#### EXERCISE:
Retype the data that follows exactly. No pictures belong in the copy.

#### PROVIDED RECORDS:
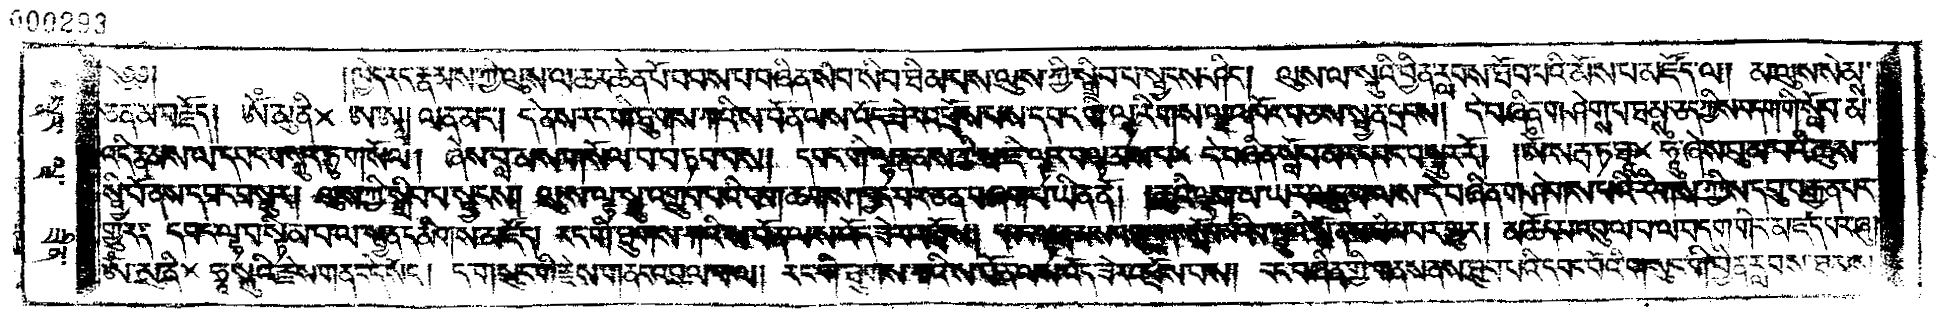༄༅། །ཁྱེད་རང་རྣམས་ཀྱི་ལུས་ལ་ཆར་ཆེན་པོ་བབས་པ་བཞིན་སིབ་སིབ་ཐིམ་པས་ལུས་ཀྱི་སྒྲིབ་པ་སྦྱངས་ཤིང་། ལུས་ལ་སྐུའི་བྱིན་རླབས་ཐོབ་པའི་མོས་པ་མཛོད་ལ། མ་ལུས་སེམས་
ཅན་མ་བརྗོད། ཨོཾ་མུ་ནི྾་ཨ་ཨཱ། ལན་མང་། དེ་ནས་རང་གི་ཐུགས་ཀའི་ས་བོན་ལས་འོད་ཟེར་འཕྲོས་པས་དབང་གི་ལྷ་རིགས་ལྔ་འཁོར་བཅས་སྤྱན་དྲངས། དེ་བཞིན་གཤེགས་པ་ཐམས་ཅད་ཀྱིས་བདག་གི་སློབ་མ་
འདི་རྣམས་ལ་དབང་བསྐུར་ཏུ་གསོལ། ཞེས་བླ་མས་གསོལ་བ་བཏབ་པས། དབང་གི་ལྷ་རྣམས་ཀྱིས་ཇི་ལྟར་བལྟམས་པ྾་དེ་བཞིན་སློབ་མར་དབང་བསྐུར་རོ། །ཨོཾ་སརྦ་ཏ་ཐཱ྾་ཧཱུཾ་ཞེས་བུམ་པའི་ཆུས་
སྤྱི་བོ་ནས་དབང་བསྐུར། ལུས་ཀྱི་སྒྲིབ་པ་སྦྱངས། ལུས་ལྷ་སྐུ་འགྲུབ་པའི་བག་ཆགས་ཁྱད་པར་ཅན་བཞག་པ་ཡིན་ནོ། །ཆུའི་ལྷག་མ་ཡར་ལུད་པ་ལས་དེ་བཞིན་གཤེགས་པའི་རིགས་ཀྱིས་དབུ་བརྒྱན་པར་
གྱུར༑ དབང་ལྷ་བསྟིམ་པ་ལ་སྤྱན་དམིགས་མཛོད། རང་གི་ཐུགས་ཀའི་ས་བོན་ལས་འོད་ཟེར་འཕྲོས། དབང་ལྷ་རྣམས་འགུགས་ནས་སློབ་མའི་བ་སྤུའི་སྒོ་ནས་ཐིམ་པར་གྱུར། མཆོད་པ་འབུལ་བ་ལ་བདག་གིར་མཛད་པར་ཞུ་
ཨོཾ་མུ་ནི྾་ཧཱ་སྐུའི་རྗེས་གནང་དེ་སོང་། དེ་གསུང་གི་རྗེས་གནང་འབུལ་བ་ལ། རང་གི་ཐུགས་ཀའི་ས་བོན་ལས་འོད་ཟེར་འཕྲོས་པས། རང་བཞིན་གྱི་གནས་ནས་ཐུབ་པའི་དབང་པོའི་གསུང་གི་བྱིན་རླབས་ཐམས་
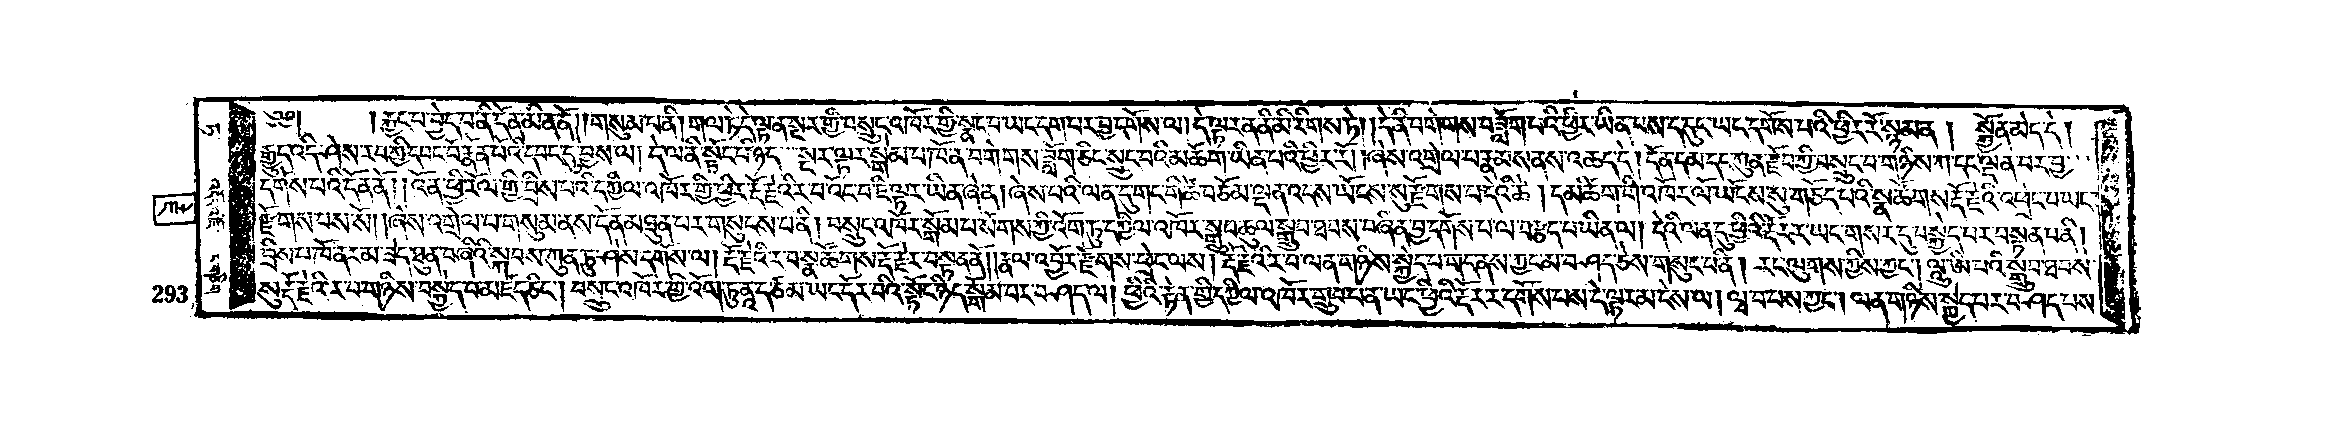༄༅། །རྐྱང་པ་བྱེད་པ་ནི་དོན་མིན་ནོ། །གསུམ་པ་ནི། གལ་ཏེ་དེ་ལྟ་ན་སྔར་གྱི་བསྲུང་འཁོར་གྱི་སྣང་བ་ཡང་དག་པར་བྱ་དགོས་ལ། དེ་ལྟར་ན་ནི་མི་རིགས་ཏེ། །དེ་ནི་བགེགས་བཟློག་པའི་ཕྱིར་ཡིན་པས་ད་དུང་ཡང་དགོས་པའི་ཕྱིར་རོ་སྙམ་ན། སྐྱོན་མེད་དེ།
རྒྱུད་འདི་ཤེས་རབ་ཀྱི་དབང་པོ་རྣོན་པོའི་དབང་དུ་བྱས་ལ། དེ་ལ་ནི་སྟོང་པ་ཉིད་སྔར་ལྟར་སྒོམ་པ་ཁོ་ན་བགེགས་ཟློག་ཅིང་སྲུང་བའི་མཆོག་ཡིན་པའི་ཕྱིར་རོ། །ཞེས་འགྲེལ་པ་རྣམས་ནས་འཆད་དེ། དོན་དམ་དང་ཀུན་རྫོབ་ཀྱི་བསྲུང་བ་གཉིས་ཀ་དང་ལྡན་པར་བྱ་
དགོས་པའི་དོན་ནོ། །འོ་ན་ཕྱི་རོལ་གྱི་བྲིས་པའི་དཀྱིལ་འཁོར་གྱི་ཕྱིར་རྡོ་རྗེའི་ར་བ་འོང་བ་ཇི་ལྟར་ཡིན་ཞེ་ན། ཞེས་པའི་ལན་དུ་གང་གི་ཚེ་བཅོམ་ལྡན་འདས་ཡོངས་སུ་རྫོགས་པ་དེའི་ཚེ། དམ་ཚིག་གི་འཁོར་ལོ་ཡོངས་སུ་གཅོད་པའི་སྣ་ཚོགས་རྡོ་རྗེའི་འཕྲེང་བ་ཡང་།
རྫོགས་པས་སོ། །ཞེས་འགྲེལ་པ་གསུམ་ནས་དོན་མཐུན་པར་གསུངས་པ་ནི། བསྲུང་འཁོར་སྒོམ་པ་སོགས་ཀྱི་འོག་ཏུ་དཀྱིལ་འཁོར་སྒྲུབ་ཚུལ་སྒྲུབ་ཐབས་བཞིན་བྱ་དགོས་པ་ལ་བརྩད་པ་ཡིན་ལ། དེའི་ལན་དུ་ཕྱིའི་རྡོར་ར་ཡང་གསར་དུ་བསྐྱེད་པར་བསྟན་པ་ནི།
བྲིས་པ་ཁོ་ནར་མ་ཟད་ཐུན་བཞིའི་སྐབས་ཀུན་ཏུ་ཤེས་དགོས་ལ། རྡོ་རྗེའི་ར་བ་སྣ་ཚོགས་རྡོ་རྗེར་བསྟན་ནོ། །རྣལ་འབྱོར་རྫོགས་ཕྲེང་ལས། རྡོ་རྗེའི་ར་བ་ལན་གཉིས་སྐྱེད་པ་གད་ནས་ཀྱང་མ་བཤད་ཅེས་གསུང་པ་ནི། རང་ལུགས་ཀྱིས་ཀྱང་། ལཱུ་ཨི་པའི་སྒྲུབ་ཐབས་
སུ་རྡོ་རྗེའི་ར་བ་གཉིས་བསྐྱེད་པ་མཛད་ཅིང་། བསྲུང་འཁོར་གྱི་འོག་ཏུ་ནཱ་ད་ཙམ་ཡང་དོར་བའི་སྟོང་ཉིད་སྒོམ་པར་བཤད་ལ། ཕྱིའི་རྟེན་གྱི་དཀྱིལ་འཁོར་གྲུབ་པ་ན་ཡང་ཕྱིའི་རྡོར་ར་དགོས་པས་དེ་ལྟར་མ་ངེས་ལ། ལྭ་བ་པས་ཀྱང་། ལན་གཉིས་སྐྱེད་པར་བཤད་པས་

#### RESPONSE BELOW:
༄༅། །ཁྱེད་རང་རྣམས་ཀྱི་ལུས་ལ་ཆར་ཆེན་པོ་བབས་པ་བཞིན་སིབ་སིབ་ཐིམ་པས་ལུས་ཀྱི་སྒྲིབ་པ་སྦྱངས་ཤིང་། ལུས་ལ་སྐུའི་བྱིན་རླབས་ཐོབ་པའི་མོས་པ་མཛོད་ལ། མ་ལུས་སེམས་
ཅན་མ་བརྗོད། ཨོཾ་མུ་ནི྾་ཨ་ཨཱ། ལན་མང་། དེ་ནས་རང་གི་ཐུགས་ཀའི་ས་བོན་ལས་འོད་ཟེར་འཕྲོས་པས་དབང་གི་ལྷ་རིགས་ལྔ་འཁོར་བཅས་སྤྱན་དྲངས། དེ་བཞིན་གཤེགས་པ་ཐམས་ཅད་ཀྱིས་བདག་གི་སློབ་མ་
འདི་རྣམས་ལ་དབང་བསྐུར་ཏུ་གསོལ། ཞེས་བླ་མས་གསོལ་བ་བཏབ་པས། དབང་གི་ལྷ་རྣམས་ཀྱིས་ཇི་ལྟར་བལྟམས་པ྾་དེ་བཞིན་སློབ་མར་དབང་བསྐུར་རོ། །ཨོཾ་སརྦ་ཏ་ཐཱ྾་ཧཱུཾ་ཞེས་བུམ་པའི་ཆུས་
སྤྱི་བོ་ནས་དབང་བསྐུར། ལུས་ཀྱི་སྒྲིབ་པ་སྦྱངས། ལུས་ལྷ་སྐུ་འགྲུབ་པའི་བག་ཆགས་ཁྱད་པར་ཅན་བཞག་པ་ཡིན་ནོ། །ཆུའི་ལྷག་མ་ཡར་ལུད་པ་ལས་དེ་བཞིན་གཤེགས་པའི་རིགས་ཀྱིས་དབུ་བརྒྱན་པར་
གྱུར༑ དབང་ལྷ་བསྟིམ་པ་ལ་སྤྱན་དམིགས་མཛོད། རང་གི་ཐུགས་ཀའི་ས་བོན་ལས་འོད་ཟེར་འཕྲོས། དབང་ལྷ་རྣམས་འགུགས་ནས་སློབ་མའི་བ་སྤུའི་སྒོ་ནས་ཐིམ་པར་གྱུར། མཆོད་པ་འབུལ་བ་ལ་བདག་གིར་མཛད་པར་ཞུ་
ཨོཾ་མུ་ནི྾་ཧཱ་སྐུའི་རྗེས་གནང་དེ་སོང་། དེ་གསུང་གི་རྗེས་གནང་འབུལ་བ་ལ། རང་གི་ཐུགས་ཀའི་ས་བོན་ལས་འོད་ཟེར་འཕྲོས་པས། རང་བཞིན་གྱི་གནས་ནས་ཐུབ་པའི་དབང་པོའི་གསུང་གི་བྱིན་རླབས་ཐམས་
༄༅། །རྐྱང་པ་བྱེད་པ་ནི་དོན་མིན་ནོ། །གསུམ་པ་ནི། གལ་ཏེ་དེ་ལྟ་ན་སྔར་གྱི་བསྲུང་འཁོར་གྱི་སྣང་བ་ཡང་དག་པར་བྱ་དགོས་ལ། དེ་ལྟར་ན་ནི་མི་རིགས་ཏེ། །དེ་ནི་བགེགས་བཟློག་པའི་ཕྱིར་ཡིན་པས་ད་དུང་ཡང་དགོས་པའི་ཕྱིར་རོ་སྙམ་ན། སྐྱོན་མེད་དེ།
རྒྱུད་འདི་ཤེས་རབ་ཀྱི་དབང་པོ་རྣོན་པོའི་དབང་དུ་བྱས་ལ། དེ་ལ་ནི་སྟོང་པ་ཉིད་སྔར་ལྟར་སྒོམ་པ་ཁོ་ན་བགེགས་ཟློག་ཅིང་སྲུང་བའི་མཆོག་ཡིན་པའི་ཕྱིར་རོ། །ཞེས་འགྲེལ་པ་རྣམས་ནས་འཆད་དེ། དོན་དམ་དང་ཀུན་རྫོབ་ཀྱི་བསྲུང་བ་གཉིས་ཀ་དང་ལྡན་པར་བྱ་
དགོས་པའི་དོན་ནོ། །འོ་ན་ཕྱི་རོལ་གྱི་བྲིས་པའི་དཀྱིལ་འཁོར་གྱི་ཕྱིར་རྡོ་རྗེའི་ར་བ་འོང་བ་ཇི་ལྟར་ཡིན་ཞེ་ན། ཞེས་པའི་ལན་དུ་གང་གི་ཚེ་བཅོམ་ལྡན་འདས་ཡོངས་སུ་རྫོགས་པ་དེའི་ཚེ། དམ་ཚིག་གི་འཁོར་ལོ་ཡོངས་སུ་གཅོད་པའི་སྣ་ཚོགས་རྡོ་རྗེའི་འཕྲེང་བ་ཡང་།
རྫོགས་པས་སོ། །ཞེས་འགྲེལ་པ་གསུམ་ནས་དོན་མཐུན་པར་གསུངས་པ་ནི། བསྲུང་འཁོར་སྒོམ་པ་སོགས་ཀྱི་འོག་ཏུ་དཀྱིལ་འཁོར་སྒྲུབ་ཚུལ་སྒྲུབ་ཐབས་བཞིན་བྱ་དགོས་པ་ལ་བརྩད་པ་ཡིན་ལ། དེའི་ལན་དུ་ཕྱིའི་རྡོར་ར་ཡང་གསར་དུ་བསྐྱེད་པར་བསྟན་པ་ནི།
བྲིས་པ་ཁོ་ནར་མ་ཟད་ཐུན་བཞིའི་སྐབས་ཀུན་ཏུ་ཤེས་དགོས་ལ། རྡོ་རྗེའི་ར་བ་སྣ་ཚོགས་རྡོ་རྗེར་བསྟན་ནོ། །རྣལ་འབྱོར་རྫོགས་ཕྲེང་ལས། རྡོ་རྗེའི་ར་བ་ལན་གཉིས་སྐྱེད་པ་གད་ནས་ཀྱང་མ་བཤད་ཅེས་གསུང་པ་ནི། རང་ལུགས་ཀྱིས་ཀྱང་། ལཱུ་ཨི་པའི་སྒྲུབ་ཐབས་
སུ་རྡོ་རྗེའི་ར་བ་གཉིས་བསྐྱེད་པ་མཛད་ཅིང་། བསྲུང་འཁོར་གྱི་འོག་ཏུ་ནཱ་ད་ཙམ་ཡང་དོར་བའི་སྟོང་ཉིད་སྒོམ་པར་བཤད་ལ། ཕྱིའི་རྟེན་གྱི་དཀྱིལ་འཁོར་གྲུབ་པ་ན་ཡང་ཕྱིའི་རྡོར་ར་དགོས་པས་དེ་ལྟར་མ་ངེས་ལ། ལྭ་བ་པས་ཀྱང་། ལན་གཉིས་སྐྱེད་པར་བཤད་པས་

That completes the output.